Apex Institute of Technology, Chandigarh University, Mohali 140413, Punjab, India.
Department of Media and Educational Informatics, Faculty of Informatics, Eötvös Loránd University, 1053 Budapest, Hungary.
Sensors (Basel). 2021 Oct 1;21(19):6584. doi: 10.3390/s21196584.
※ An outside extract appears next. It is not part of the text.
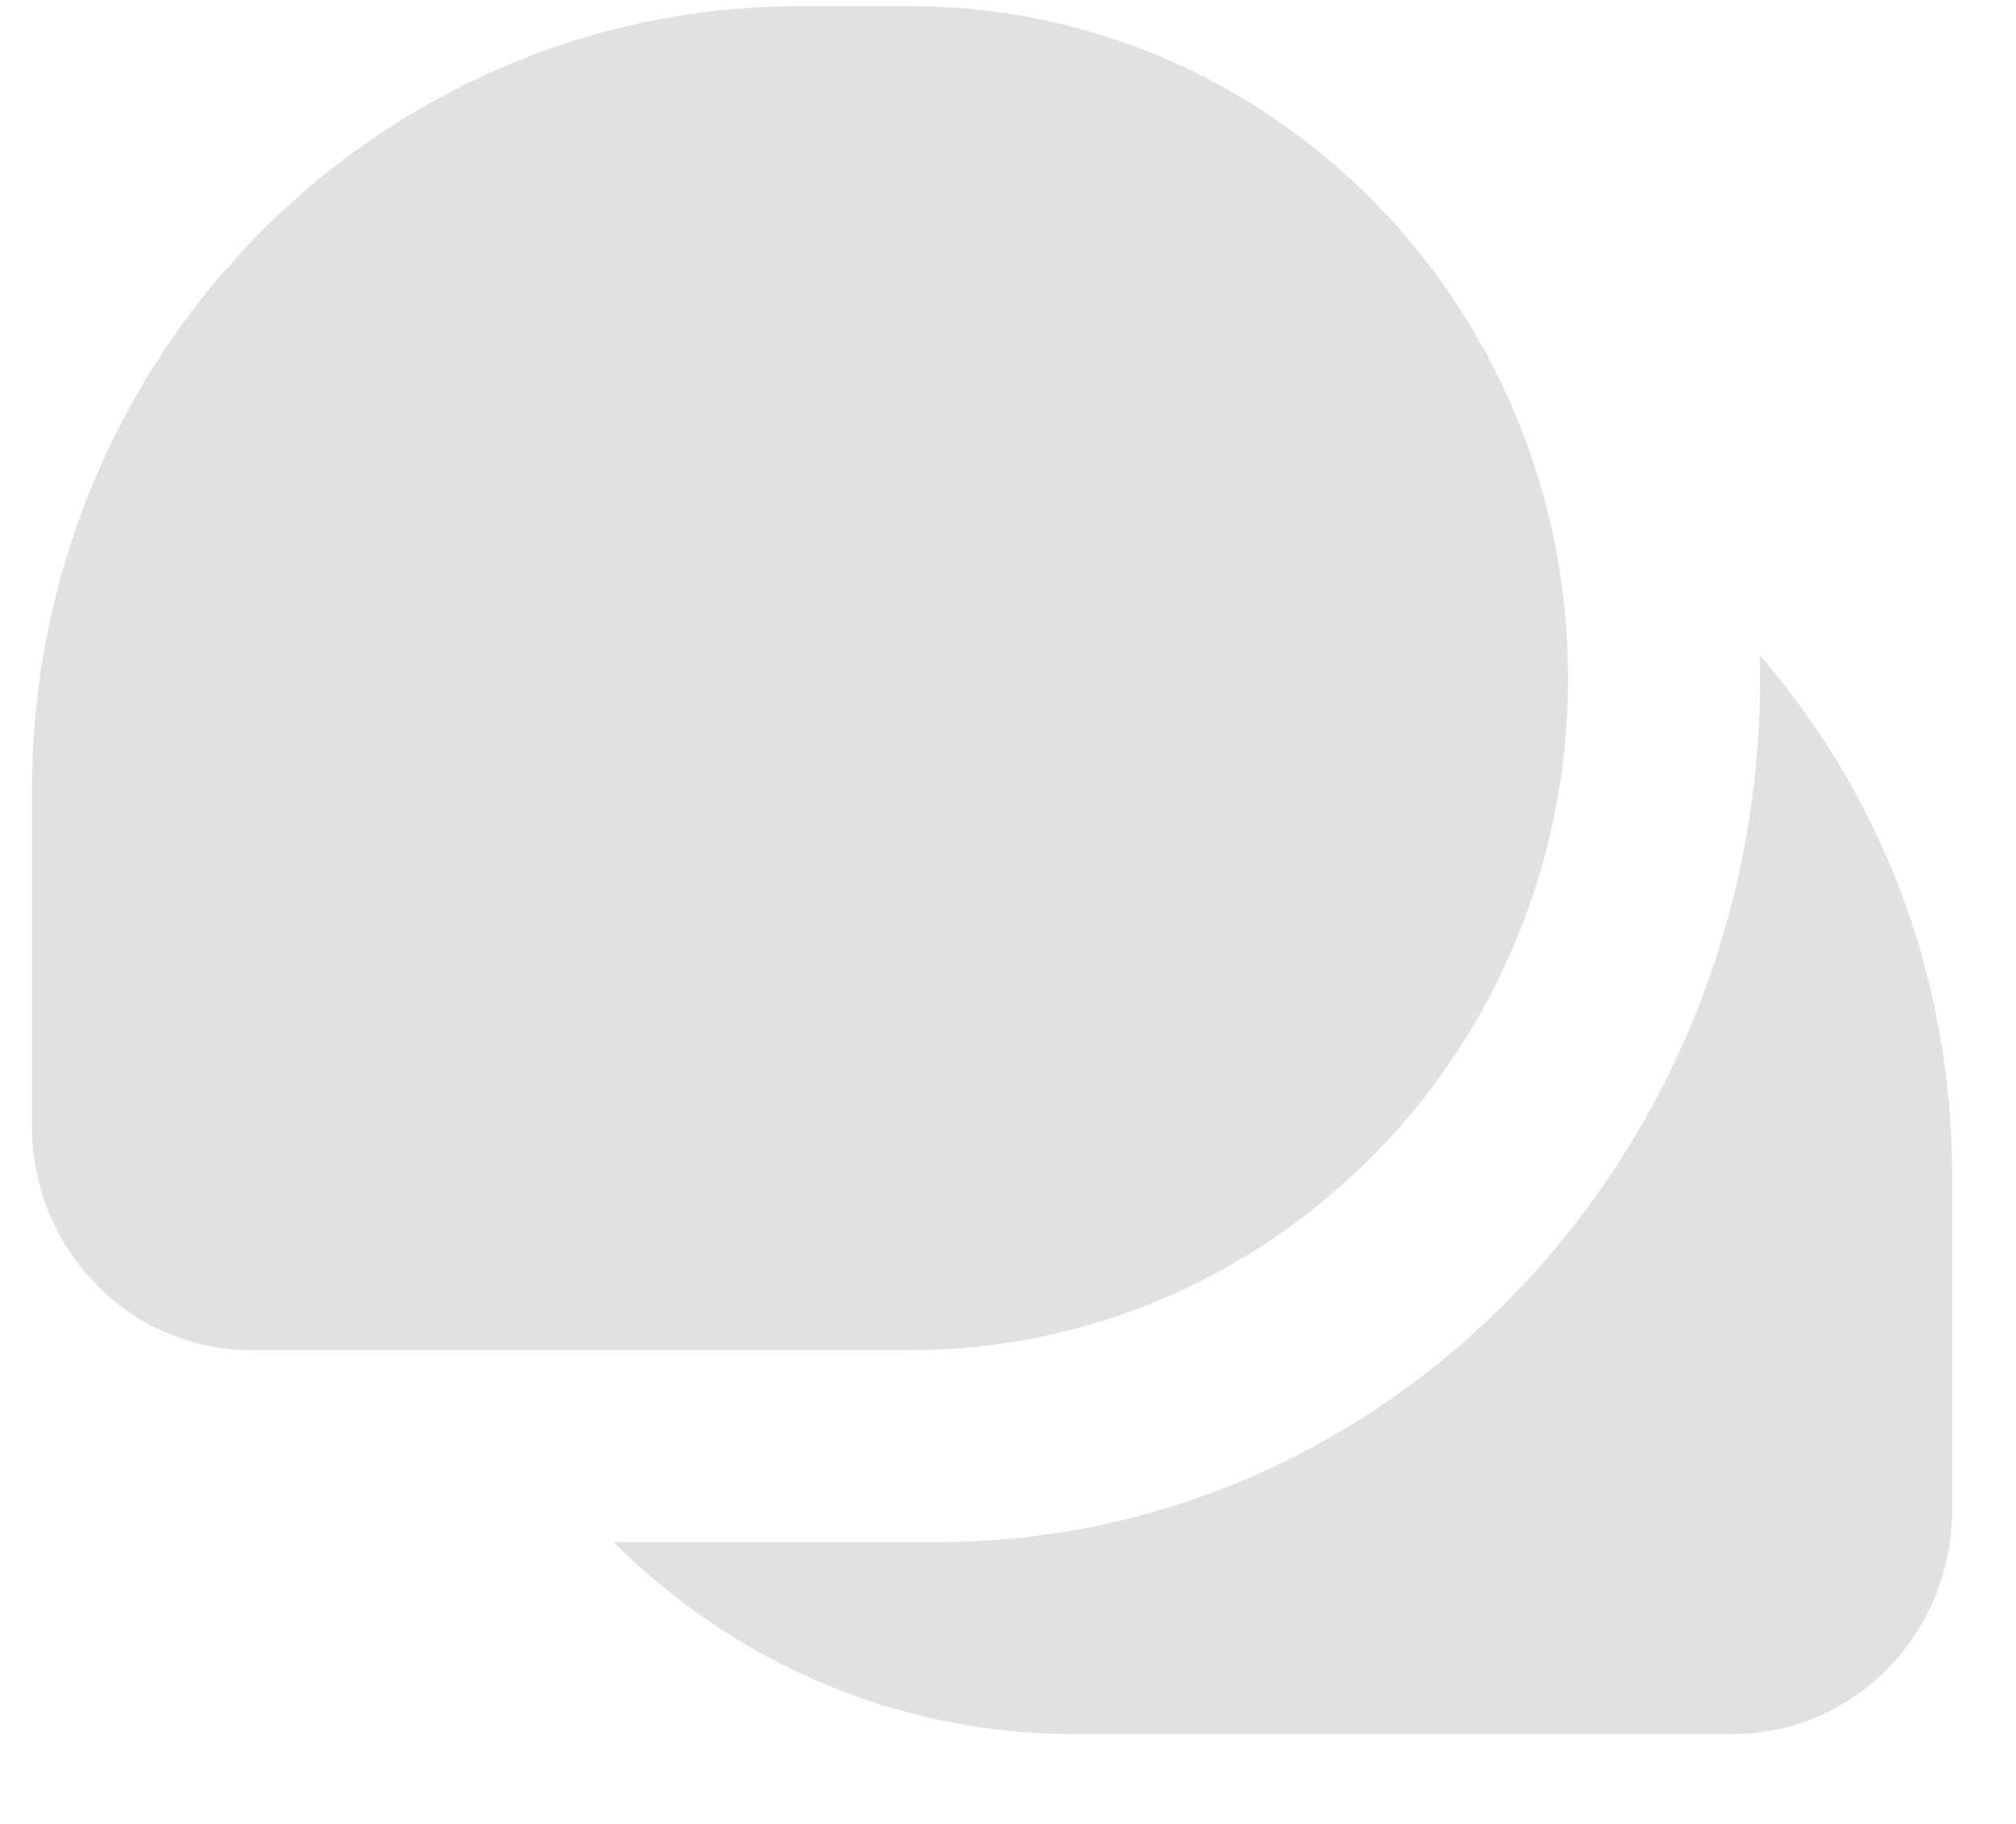 <svg width="21" height="19" viewBox="0 0 21 19" fill="none" xmlns="http://www.w3.org/2000/svg">
<path fill-rule="evenodd" clip-rule="evenodd" d="M8.334 0.064H9.476C12.712 0.064 15.424 2.352 16.145 5.429C16.268 5.954 16.334 6.501 16.334 7.064C16.334 10.93 13.263 14.065 9.476 14.065H5.295H2.619C1.357 14.065 0.333 13.02 0.333 11.731V8.231C0.333 3.721 3.915 0.064 8.334 0.064ZM9.762 16.064H6.392C7.628 17.302 9.322 18.064 11.191 18.064H15.372H18.048C19.31 18.064 20.334 17.02 20.334 15.731V12.231C20.334 10.158 19.577 8.266 18.331 6.826C18.332 6.905 18.334 6.985 18.334 7.064C18.334 12.035 14.496 16.064 9.762 16.064Z" fill="#E1E1E1"/>
</svg>

The incidence of cardiovascular diseases and cardiovascular burden (the number of deaths) are continuously rising worldwide. Heart disease leads to heart failure (HF) in affected patients. Therefore any additional aid to current medical support systems is crucial for the clinician to forecast the survival status for these patients. The collaborative use of machine learning and IoT devices has become very important in today's intelligent healthcare systems. This paper presents a Public Key Infrastructure (PKI) secured IoT enabled framework entitled Cardiac Diagnostic Feature and Demographic Identification (CDF-DI) systems with significant Models that recognize several Cardiac disease features related to HF. To achieve this goal, we used statistical and machine learning techniques to analyze the Cardiac secondary dataset. The Elevated Serum Creatinine (SC) levels and Serum Sodium (SS) could cause renal problems and are well established in HF patients. The Mann Whitney U test found that SC and SS levels affected the survival status of patients ( < 0.05). Anemia, diabetes, and BP features had no significant impact on the SS and SC level in the patient ( > 0.05). The Cox regression model also found a significant association of age group with the survival status using follow-up months. Furthermore, the present study also proposed important features of Cardiac disease that identified the patient's survival status, age group, and gender. The most prominent algorithm was the Random Forest (RF) suggesting five key features to determine the survival status of the patient with an accuracy of 96%: Follow-up months, SC, Ejection Fraction (EF), Creatinine Phosphokinase (CPK), and platelets. Additionally, the RF selected five prominent features (smoking habits, CPK, platelets, follow-up month, and SC) in recognition of gender with an accuracy of 94%. Moreover, the five vital features such as CPK, SC, follow-up month, platelets, and EF were found to be significant predictors for the patient's age group with an accuracy of 96%. The Kaplan Meier plot revealed that mortality was high in the extremely old age group (χ2 (1) = 8.565). The recommended features have possible effects on clinical practice and would be supportive aid to the existing medical support system to identify the possibility of the survival status of the heart patient. The doctor should primarily concentrate on the follow-up month, SC, EF, CPK, and platelet count for the patient's survival in the situation.
心血管疾病的发病率和心血管负担(死亡人数)在全球范围内持续上升。心脏病导致受影响患者出现心力衰竭(HF)。因此,任何对当前医疗支持系统的额外帮助对临床医生预测这些患者的生存状况都至关重要。机器学习和物联网设备的协作使用在当今的智能医疗保健系统中变得非常重要。本文提出了一个基于公钥基础设施(PKI)的安全物联网框架,名为心脏诊断特征和人口统计识别(CDF-DI)系统,该系统具有显著的模型,可以识别与 HF 相关的多种心脏疾病特征。为了实现这一目标,我们使用统计和机器学习技术来分析心脏二次数据集。升高的血清肌酐(SC)水平和血清钠(SS)可能导致肾脏问题,并且在 HF 患者中已经确立。Mann-Whitney U 检验发现,SC 和 SS 水平影响患者的生存状态(<0.05)。贫血、糖尿病和 BP 特征对患者的 SS 和 SC 水平没有显著影响(>0.05)。Cox 回归模型也发现年龄组与使用随访月的生存状态之间存在显著关联。此外,本研究还提出了心脏疾病的重要特征,这些特征确定了患者的生存状态、年龄组和性别。最突出的算法是随机森林(RF),它提出了五个关键特征来确定患者的生存状态,准确率为 96%:随访月、SC、射血分数(EF)、肌酸磷酸激酶(CPK)和血小板。此外,RF 选择了五个突出特征(吸烟习惯、CPK、血小板、随访月和 SC)来识别性别,准确率为 94%。此外,CPK、SC、随访月、血小板和 EF 等五个重要特征被发现是患者年龄组的重要预测因素,准确率为 96%。Kaplan-Meier 图显示,极高年龄组的死亡率很高(χ2(1)=8.565)。建议的特征可能对临床实践产生影响,并为现有医疗支持系统提供支持,以识别心脏病患者的生存状况的可能性。医生应主要关注患者的随访月、SC、EF、CPK 和血小板计数,以确保患者的生存。